First Deportation Flight Takes Off From The US To Cuba
The US is expecting to receive more migrants through its southern border with Mexico since COVID-19 restrictions are no longer in effect.
In other news, the first deportation flight departed from the United States to Cuba after the latter agreed to grant entry to Cubans apprehended at the US-Mexico border.
According to a spokesperson for the Department of Homeland Security, US Immigration and Customs Enforcement began the processing of removing Cuban nationals on 24 April who were given final orders of removal.
The arrival of the flight from the US to Cuba was confirmed by the Cuban government, which carried 83 Cubans detained at the US-Mexico border and 40 caught in boats.
Don’t forget a renowned news agency reported last year that Cuba has given US authorities a new tool with specific restrictions to help deal with record-breaking numbers of Cubans crossing the border.
Interestingly, the number of asylum seekers and illegal migrants, including Cubans, apprehended at the US border dropped significantly after US President Joe Biden introduced strict border security measures in January.
Regardless, the Biden administration is now gearing up to tackle the increasing number of illegal border crossings, as COVID-19 restrictions are expected to be lifted on 11 May. The administration is yet to comment on its ongoing preparations.
Cuban and US officials had a discussion regarding migration issues while the Biden administration geared up for the lifting of COVID-era border restrictions that kept Cubans from entering the US from Mexico in recent months.
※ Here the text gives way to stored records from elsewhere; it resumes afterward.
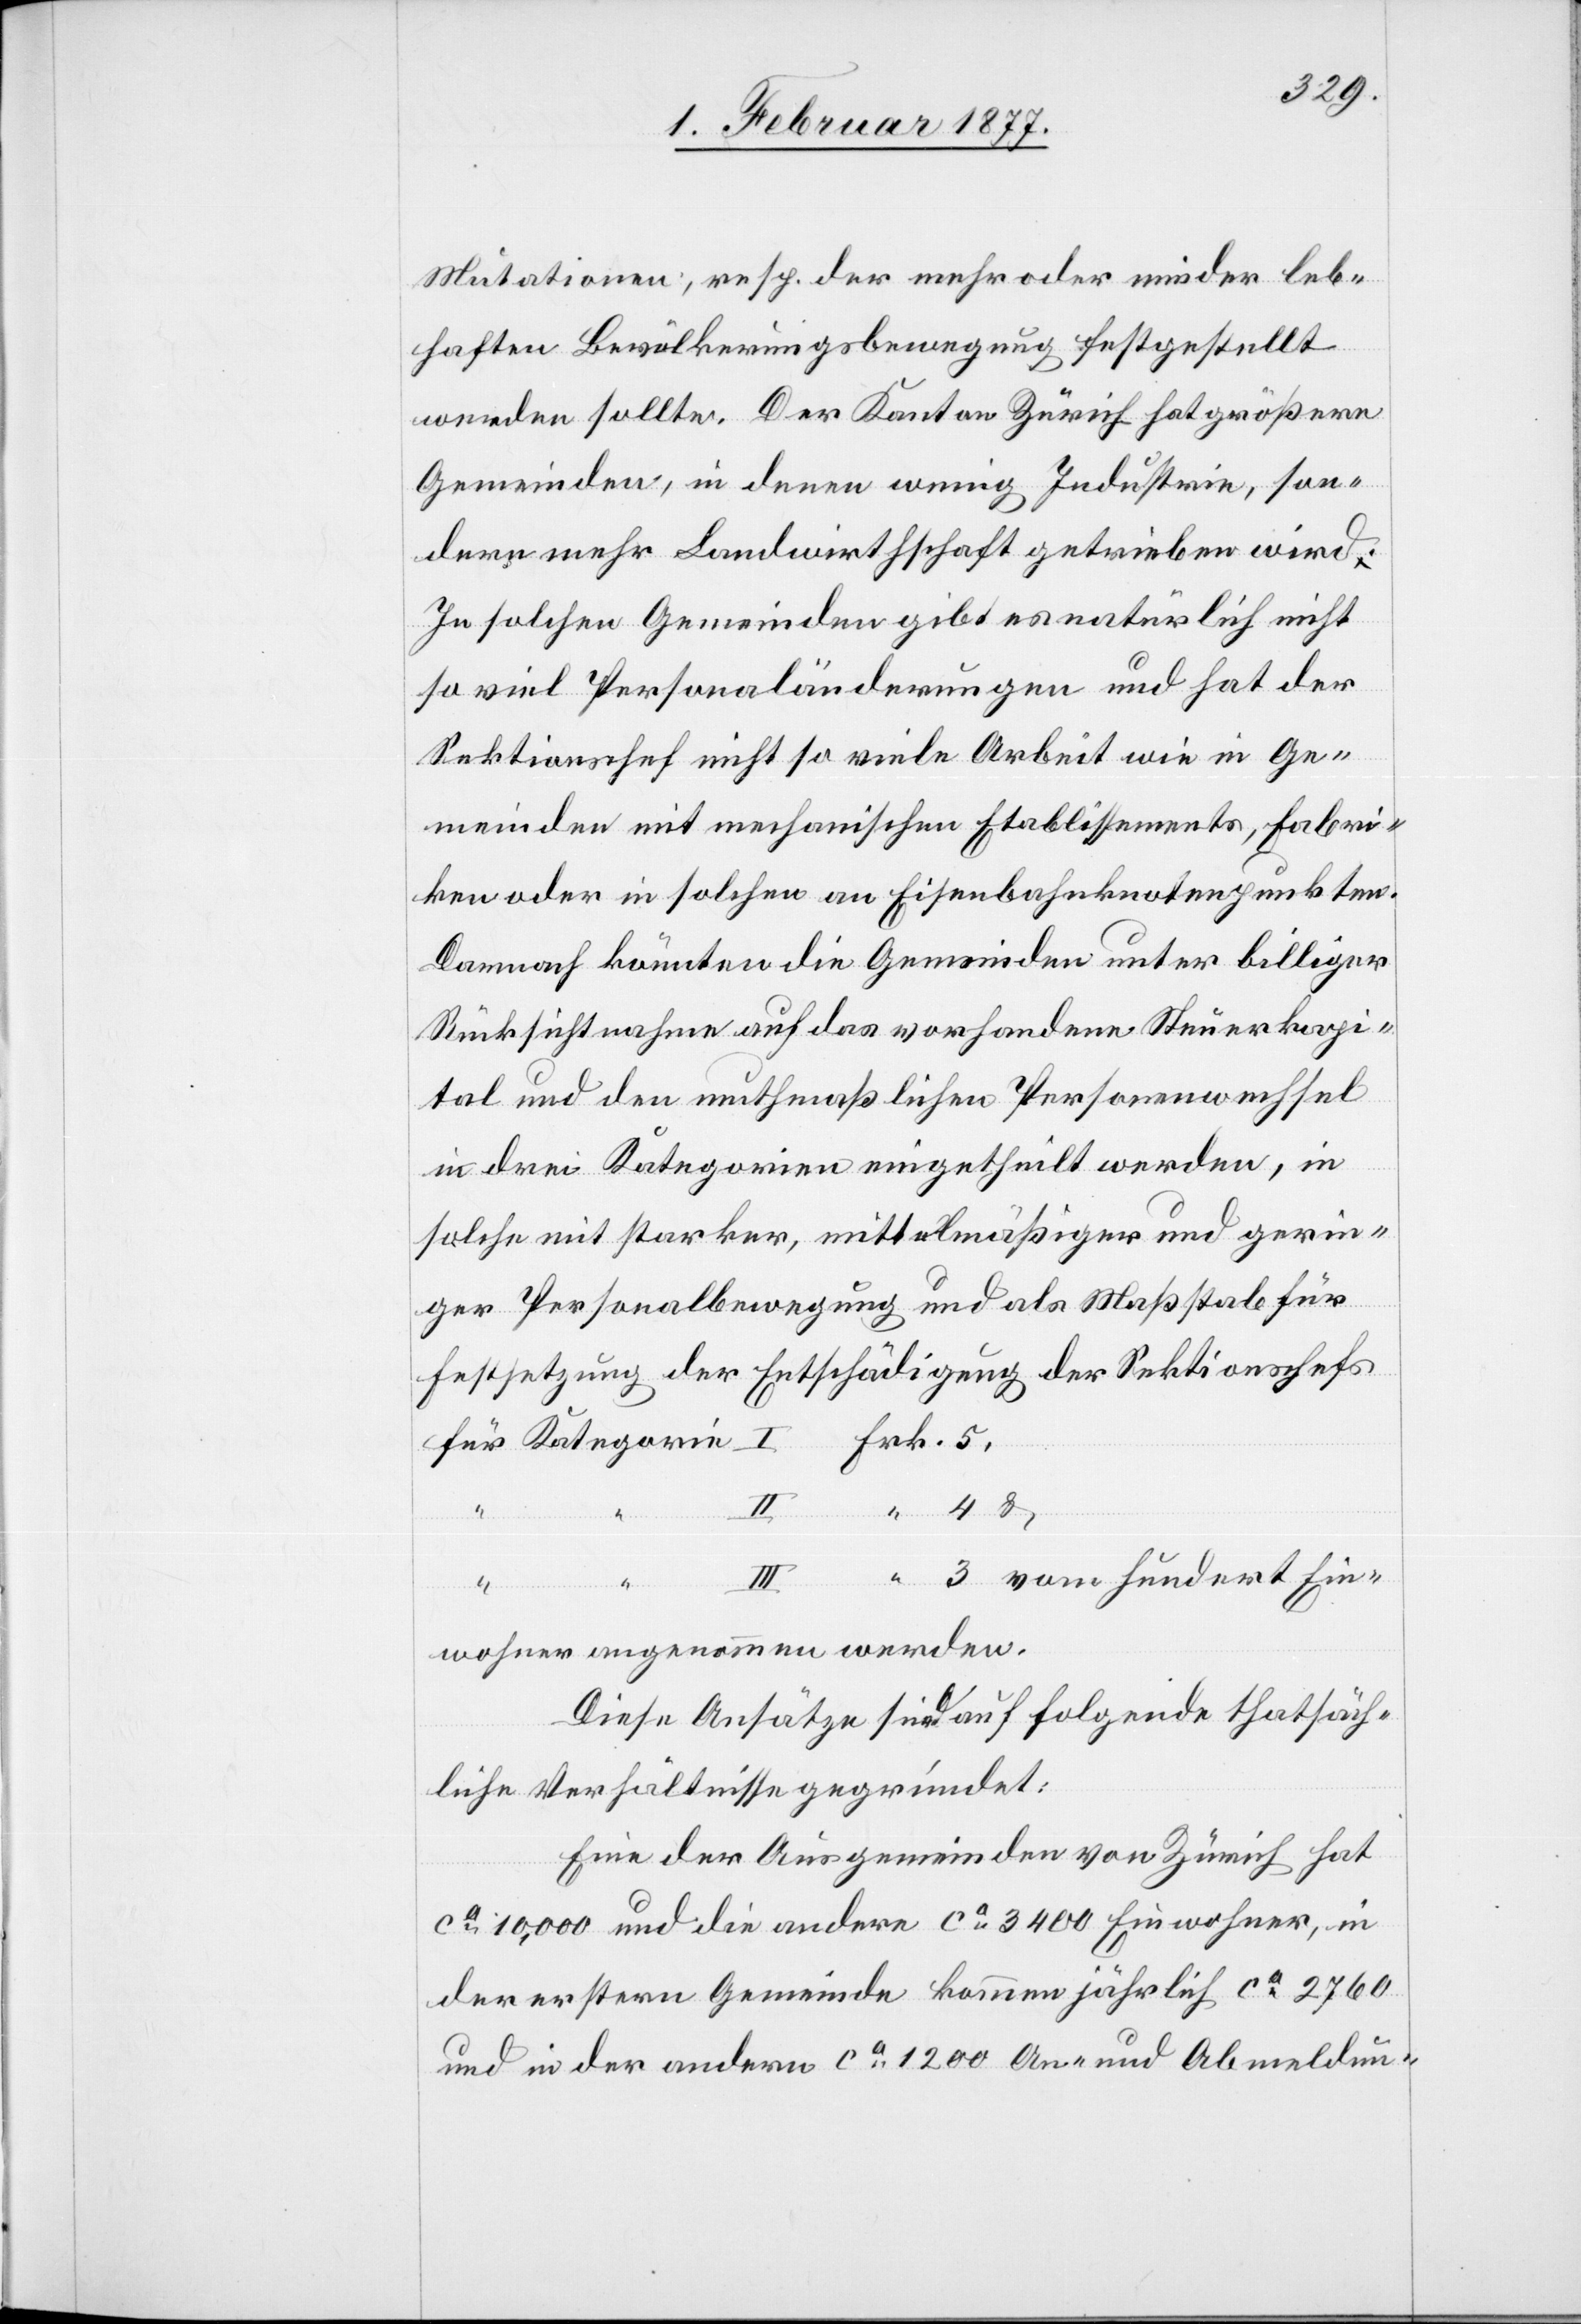
Mutationen, resp. der mehr oder minder leb¬
haften Bevölkerungsbewegung festgestellt
werden sollte. Der Kanton Zürich hat größere
Gemeinden, in denen wenig Industrie, son¬
dern mehr Landwirthschaft getrieben wird.
In solchen Gemeinden gibt es natürlich nicht
so viel Personaländerungen und hat der
Sektionschef nicht so viele [sic!] Arbeit wie in Ge¬
meinden mit mechanischen Etablissements, Fabri¬
ken oder in solchen an Eisenbahnknotenpunkten.
Demnach könnten die Gemeinden unter billiger
Rücksichtnahme auf das vorhandene Steuerkapi¬
tal und den muthmaßlichen Personenwechsel
in drei Kategorien eingetheilt werden, in
solche mit starker, mittelmäßiger und gerin¬
ger Personalbewegung und als Maßstab für
Festsetzung der Entschädigung der Sektionschefs
4
Ein¬
wohner angenommen werden.
Diese Ansätze sind auf folgende thatsäch¬
liche Verhältnisse gegründet:
Eine der Ausgemeinden von Zürich hat
ca 10,000 und die andere ca 3400 Einwohner, in
der ersten Gemeinde kommen jährlich ca 2760
und in der andern ca 1200 An- und Abmeldun-
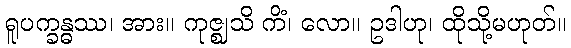
ရူပက္ခန္ဓဿ၊ အား။ ကုဇ္ဈသိ ကိံ၊ လော။ ဥဒါဟု၊ ထိုသို့မဟုတ်။
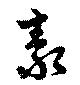
泰
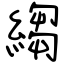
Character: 縐
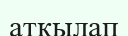
атқылап
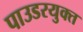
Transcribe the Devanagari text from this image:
पाउडरयुक्त
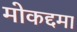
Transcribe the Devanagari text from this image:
मोकद्दमा
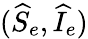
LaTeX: (\widehat{S}_{e},\widehat{I}_{e})
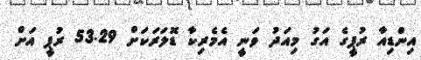
އިންޑިއާ ރުޕީގެ އަގު މިއަދު ވަނީ އެމެރިކާ ޑޮލަރަކަށް 53.29 ރުޕީ އަށް

Moreover, full immigrant visa processing and consular services were resumed by the US embassy in Havana in January after being halted since 2017 in an attempt to control the rising numbers of Cubans trying to enter the US from Mexico illegally.
The DHS spokesperson claimed that the US has always encouraged Cubans to utilize lawful procedures to enter the country.
What’s important to note here is that the Biden administration started removing Haitians, Nicaraguans, and Cubans in January who crossed the US-Mexico border under Title 42. However, the administration also introduced new legal pathways for such groups.